Возраст превратился в фактор риска: отношения не приносят мне счастья, но найду ли я еще одного партнера, от которого смогу родить ребенка? Пусть работа не нравится, а начальник – дрянь, есть ли шансы получить работу получше? Всегда мечтал принять участие в марафоне, но смогу ли я натренироваться с нуля? Ведь я уже много лет не играл даже в футбол, а мне уже тридцать восемь…
Вот и получается, что человек не пользуется правом взрослого, чтобы выбрать себе жизнь по своему образу и подобию. В отличие от двадцатипятилетних, тридцатипятилетние в общих чертах понимают, какую жизнь они бы хотели прожить. В глубине души они интуитивно почувствовали, какой она должна быть. Направление, выбранное на каждом перекрестке судьбы (идти ли учиться и что изучать, куда отправлять резюме, где жить, с кем спать, как вести себя с родительской семьей, заводить собаку или нет), до этого момента руководило их действиями. Возможно, они оказались не совсем в том месте, в котором хотели бы оказаться, но это как раз показывает: они знают, где хотели бы быть.

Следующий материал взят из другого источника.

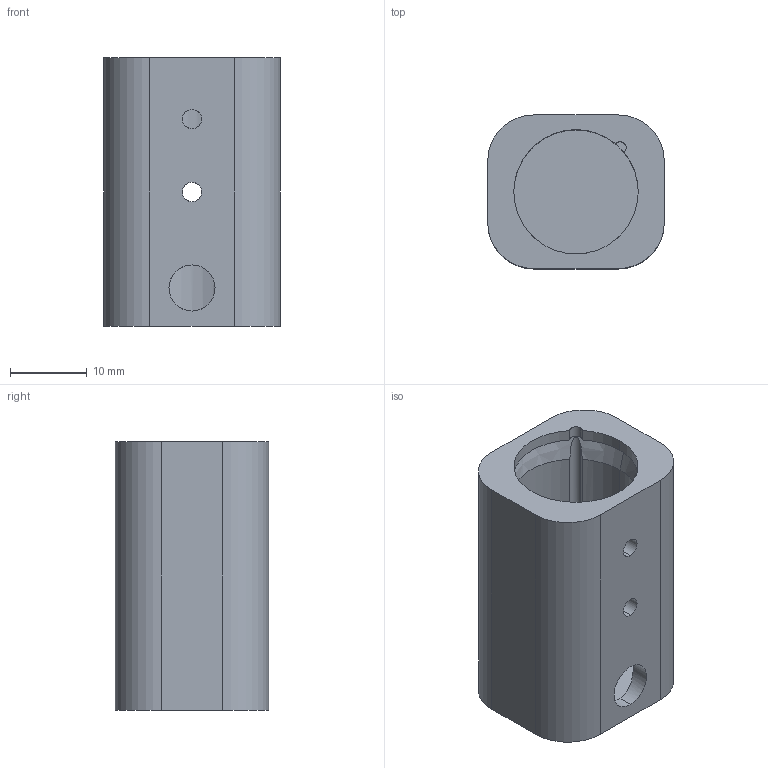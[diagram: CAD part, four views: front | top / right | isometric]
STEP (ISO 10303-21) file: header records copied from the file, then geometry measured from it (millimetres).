
FILE_DESCRIPTION (( 'STEP AP203' ), '1' );
FILE_NAME ('Bloc XLR.STEP', '2020-03-13T09:04:41', ( '' ), ( '' ), 'SwSTEP 2.0', 'SolidWorks 2018', '' );
FILE_SCHEMA (( 'CONFIG_CONTROL_DESIGN' ));
Length unit declared in the file: millimetre
Products named in the file (1): Bloc XLR
Bounding box: 23 x 20 x 35 mm (x, y, z)
Volume: 8041.9 mm3; surface area: 5259.4 mm2
Topology: 1 solids, 1 shells, 32 faces, 83 edges, 54 vertices
Faces by surface type: cylinder 21, plane 9, cone 2
Entity records: 1359 total; most frequent: CARTESIAN_POINT 473, DIRECTION 170, ORIENTED_EDGE 166, EDGE_CURVE 83, AXIS2_PLACEMENT_3D 67, VERTEX_POINT 54, EDGE_LOOP 41, VECTOR 36

Взрослые молодые сталкиваются со своего рода астенией: они измотаны, потому что каждый шаг дается им с огромным трудом. Топтаться на месте тоже трудно, за это приходится платить высокой ценой своего несчастья.

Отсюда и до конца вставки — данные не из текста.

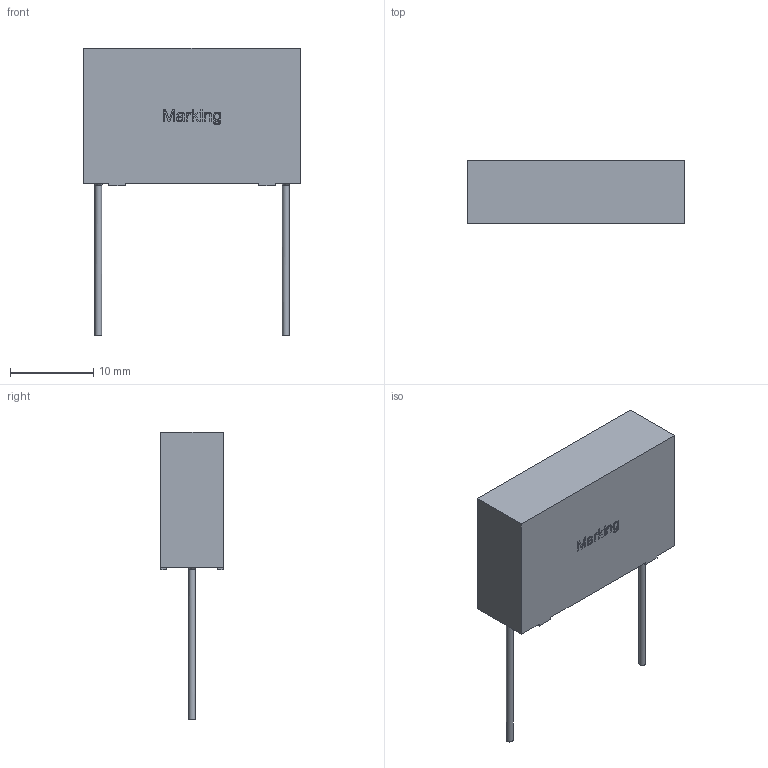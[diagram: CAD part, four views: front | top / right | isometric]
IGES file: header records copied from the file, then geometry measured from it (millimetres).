
Start section: C
Global section: file name: 22,5x26x7,5x16,5.igs; native system: By Siemens PLM Incorporated; preprocessor: XPlus GENERIC/IGES 23.0.61; author: Author; organization: Title; date: 20220427.171810; units: millimetre
Bounding box: 26 x 7.5 x 34.5 mm (x, y, z)
Surface area: 3777.2 mm2 (no closed solid volume)
Topology: 0 solids, 0 shells, 110 faces, 764 edges, 764 vertices
Faces by surface type: bspline 110

Так и получается, что отступление спасает от катастрофы.
Я раздумываю об этом, слушая Бенедетту. Она говорит, что не знает, как ей поступить. Если так, как поступила бы, не уверена, что это подойдет для человека, каким она себя чувствует. Я спрашиваю:
– Почему? А какой вы человек?
– Я двадцатитрехлетняя девушка, которой плохо, – отвечает она.
– Извините, что вы сейчас сказали?
Бенедетта на десять лет старше…
Ставим диагноз
Возможно, я ошибаюсь, но мне кажется, что проблема молодых взрослых – это уже не кризис молодых взрослых, но еще и не кризис собственно взрослых. Они переходят реку вброд, им приходится, не переводя дыхания, тащиться вперед, чтобы не утащило течением. С другой стороны, на мой взгляд, у них есть ряд преимуществ.
Люди, о которых идет речь, находятся в идеальном возрасте: они уже не слишком юны, но все еще молоды. Их родители еще не так стары, чтобы о них заботиться. Если у них еще нет ребенка, есть время им обзавестись. Если ребенок есть, этот вопрос для них уже решен. Если они не хотят детей, у них есть кое-что другое: они принадлежат самим себе. Они могут распоряжаться собой и действовать в соответствии с этим.
Смело? Да.
Самое ли это худшее, что может случиться в жизни? Я бы сказала – наоборот.
Молодые взрослые находятся в идеальном возрасте: они уже не слишком юны, но все еще молоды. Их родители еще не так стары, чтобы о них заботиться. Если у них еще нет ребенка, есть время им обзавестись. Если ребенок есть, этот вопрос для них уже решен. Если они не хотят детей, они принадлежат самим себе. Они могут распоряжаться собой.
Молодые взрослые, которых я встречаю в своем кабинете, приходят, чтобы рассказать, как они истощены. Но речь не о какой-то патологии. Я не преуменьшаю важность их просьб о помощи, не говоря уже о том, что не любой дискомфорт следует трактовать одинаково. Но их усталость… Испытывать ее на самом деле нормально. Они не стали моими клиентами несколько лет назад, когда были моложе, как Карлотта, и пришли ко мне потому, что решили привести себя в порядок, задаться вопросом о смысле своей жизни, почувствовать, что они все делают как надо, проследить за траекторией своего развития, понять причины, по которым в их собственной жизни или в жизни других что-то происходит именно так, а не иначе. Иными словами, они просят продиагностировать их, чтобы предотвратить кризис, в котором, как они видят, находится старшее поколение. Они начинают действовать заблаговременно, чтобы не повторить судьбу родителей.
Они переживают десятилетие своей жизни, когда их самосознание сдает первый экзамен: чего они достигли, чего не достигли, как с этим справились.
Баланс получился положительным? В этом случае они хотят перестраховаться и продолжать в том же духе, чтобы не потерять хорошее.